**Exercise requirements:**
Please repeat the whole listing exactly, but leave out any picture it holds.

**Supplied data:**

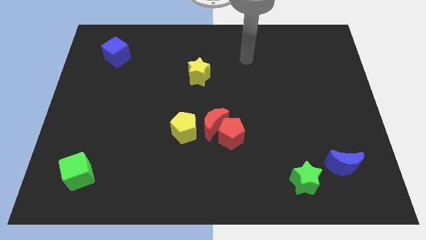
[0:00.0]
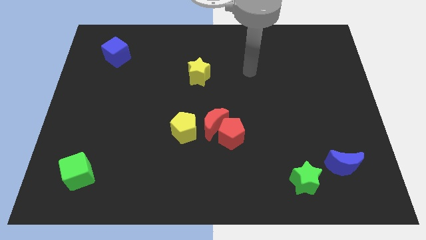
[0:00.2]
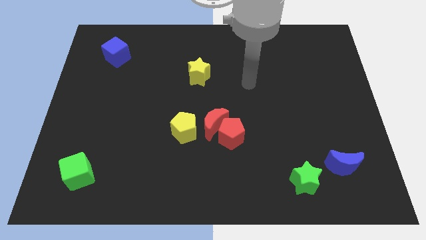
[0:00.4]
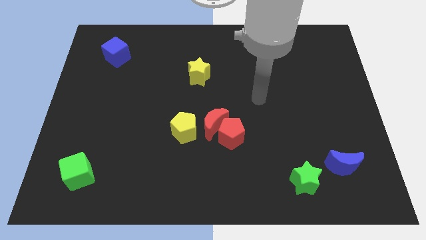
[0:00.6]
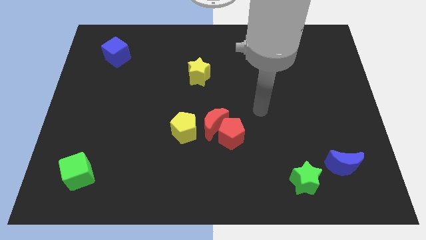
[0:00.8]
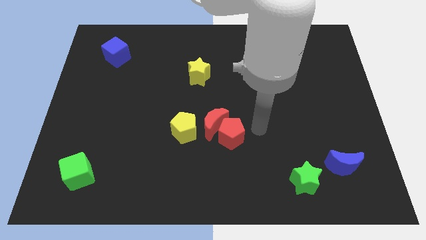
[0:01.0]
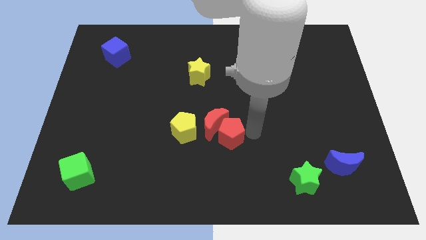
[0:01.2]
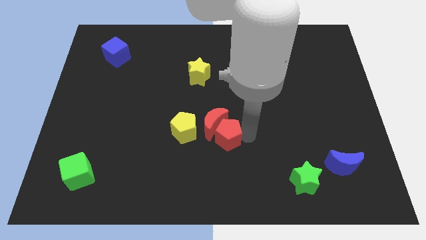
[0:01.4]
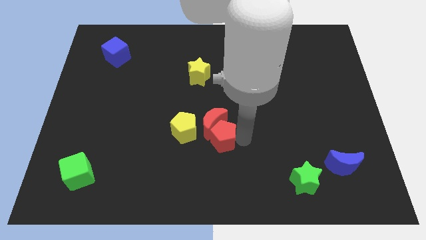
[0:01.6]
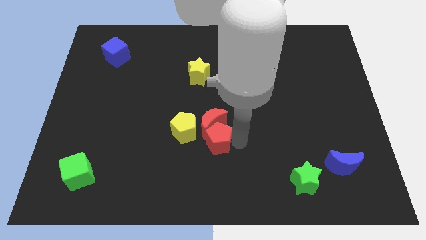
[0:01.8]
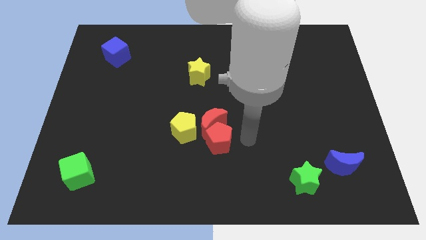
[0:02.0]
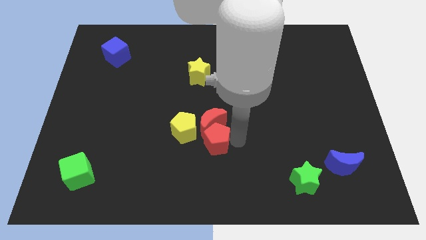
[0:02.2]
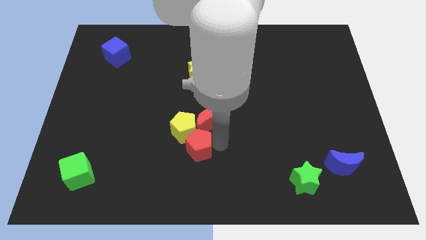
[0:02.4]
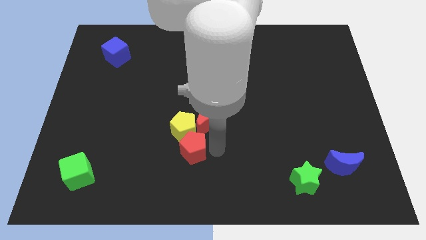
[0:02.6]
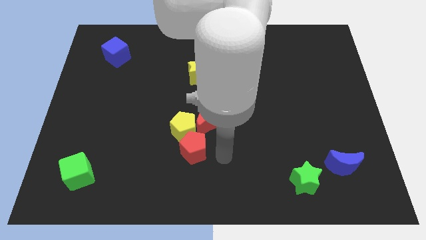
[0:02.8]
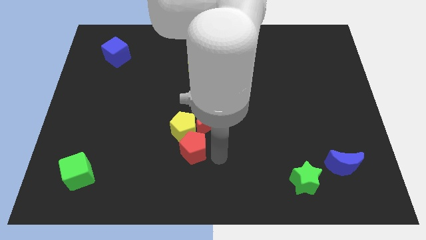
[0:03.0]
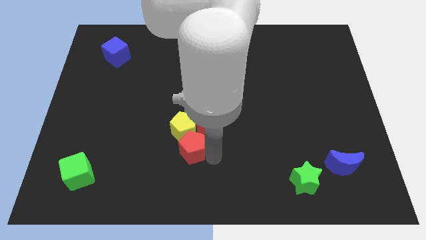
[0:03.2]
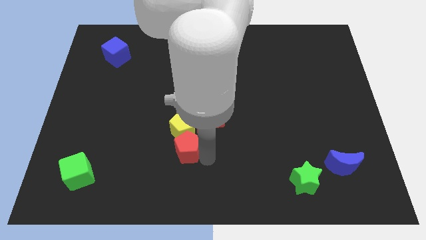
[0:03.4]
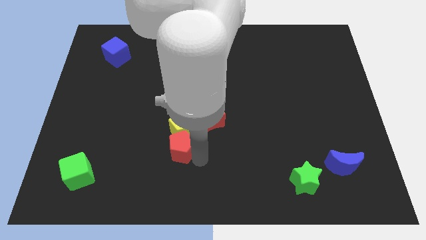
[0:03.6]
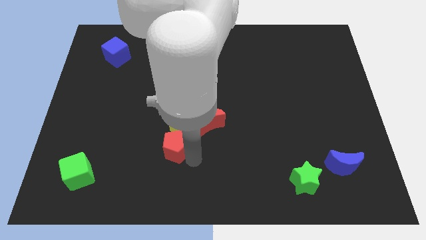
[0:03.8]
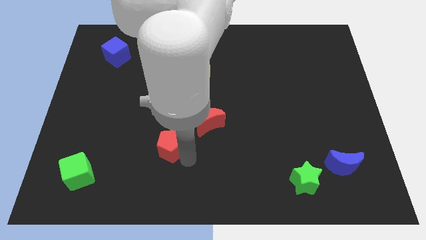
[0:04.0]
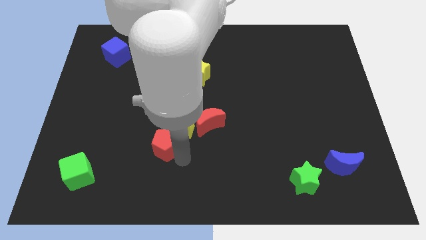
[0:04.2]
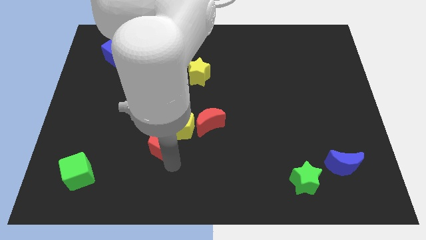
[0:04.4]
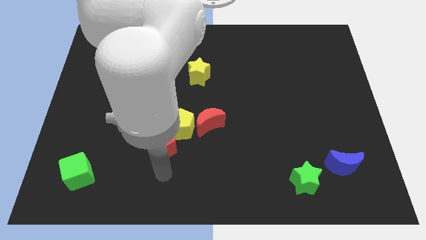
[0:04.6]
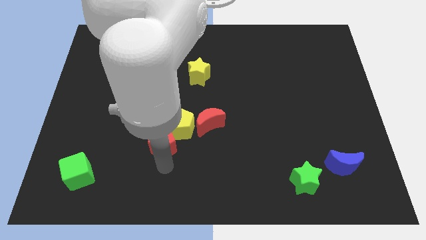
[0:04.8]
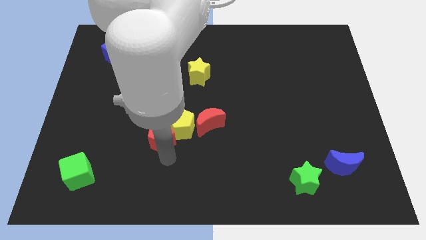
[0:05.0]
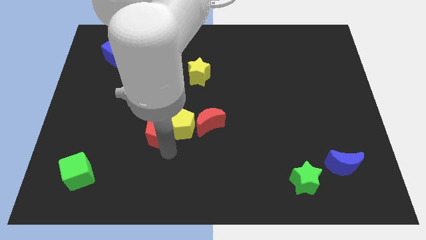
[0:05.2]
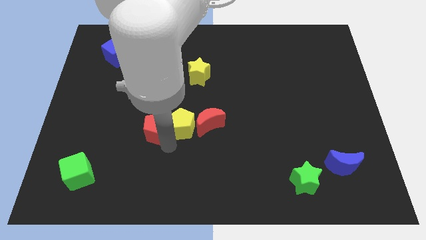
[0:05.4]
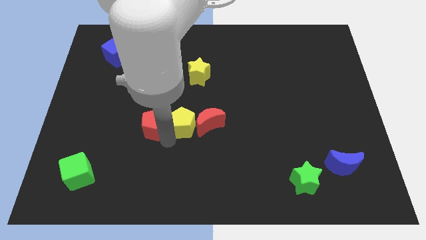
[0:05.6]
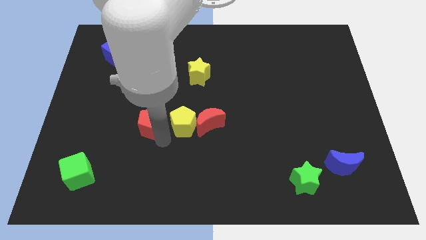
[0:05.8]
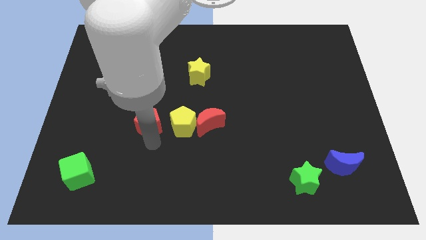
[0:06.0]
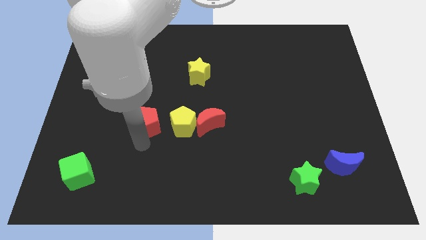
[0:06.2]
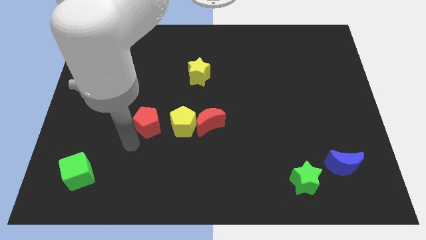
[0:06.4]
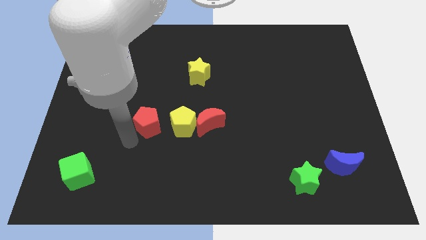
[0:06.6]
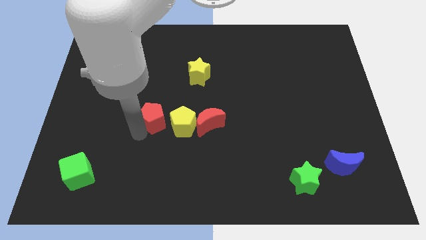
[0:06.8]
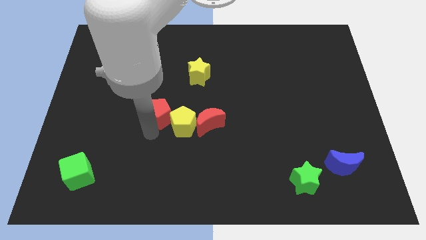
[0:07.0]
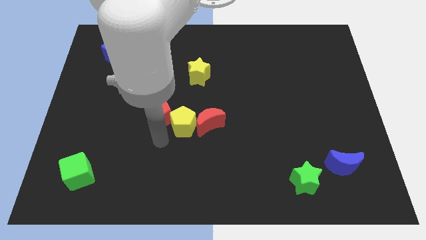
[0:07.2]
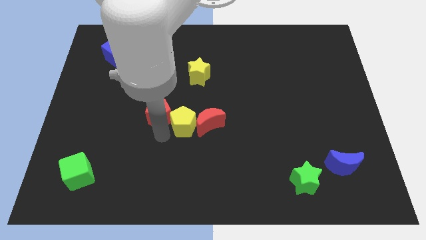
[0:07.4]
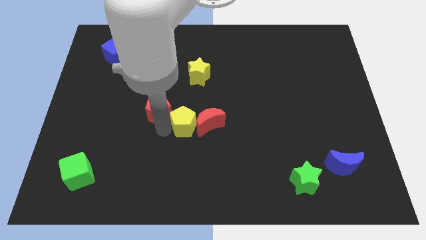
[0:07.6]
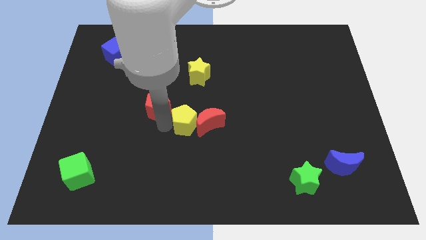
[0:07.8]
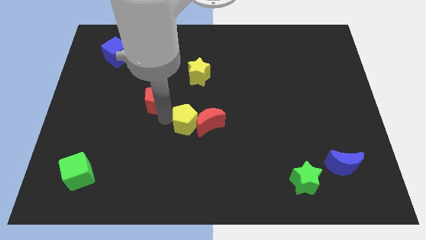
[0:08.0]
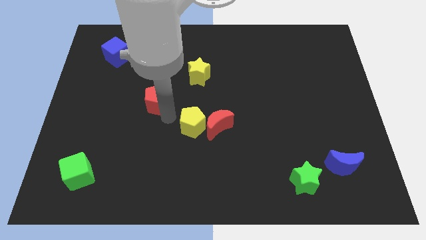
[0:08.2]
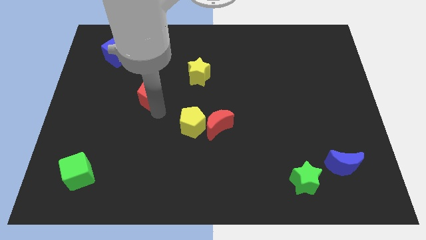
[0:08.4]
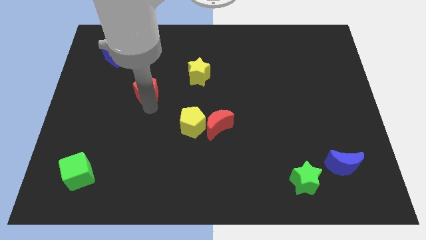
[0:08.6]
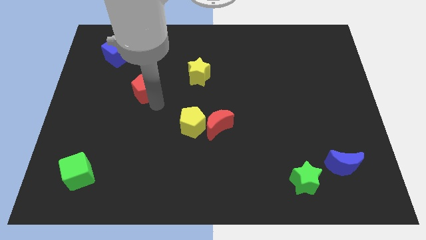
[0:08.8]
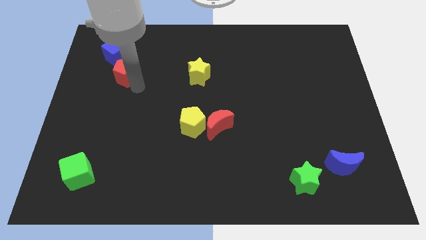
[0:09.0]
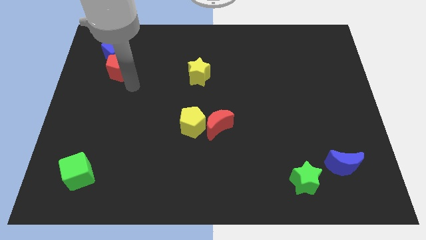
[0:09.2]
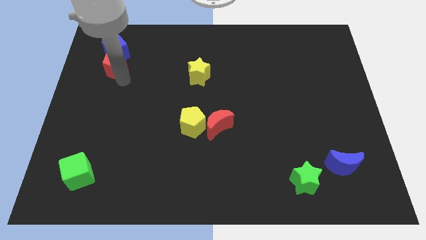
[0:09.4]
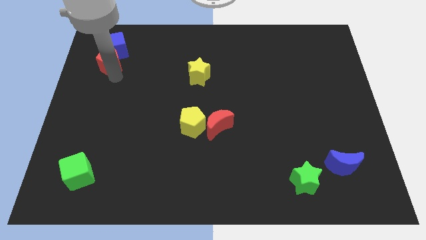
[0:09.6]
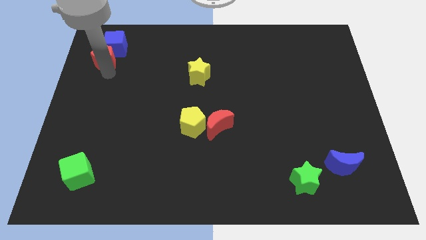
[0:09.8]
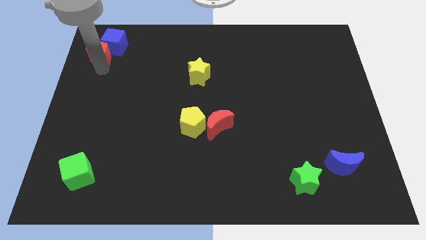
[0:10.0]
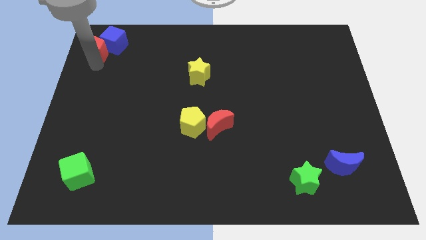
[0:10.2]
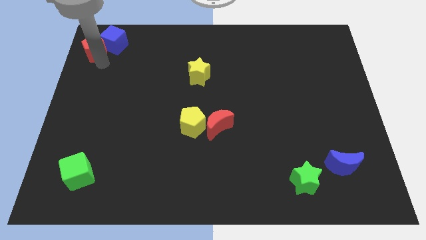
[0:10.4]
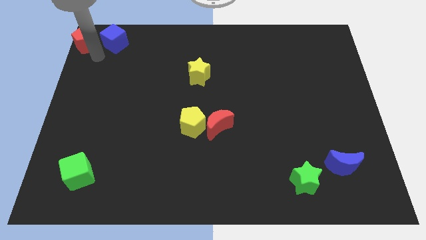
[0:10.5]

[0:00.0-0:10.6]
put the red pentagon to the top left of the board

**Expected output:**
[0:00.0]
[0:00.2]
[0:00.4]
[0:00.6]
[0:00.8]
[0:01.0]
[0:01.2]
[0:01.4]
[0:01.6]
[0:01.8]
[0:02.0]
[0:02.2]
[0:02.4]
[0:02.6]
[0:02.8]
[0:03.0]
[0:03.2]
[0:03.4]
[0:03.6]
[0:03.8]
[0:04.0]
[0:04.2]
[0:04.4]
[0:04.6]
[0:04.8]
[0:05.0]
[0:05.2]
[0:05.4]
[0:05.6]
[0:05.8]
[0:06.0]
[0:06.2]
[0:06.4]
[0:06.6]
[0:06.8]
[0:07.0]
[0:07.2]
[0:07.4]
[0:07.6]
[0:07.8]
[0:08.0]
[0:08.2]
[0:08.4]
[0:08.6]
[0:08.8]
[0:09.0]
[0:09.2]
[0:09.4]
[0:09.6]
[0:09.8]
[0:10.0]
[0:10.2]
[0:10.4]
[0:10.5]

[0:00.0-0:10.6]
put the red pentagon to the top left of the board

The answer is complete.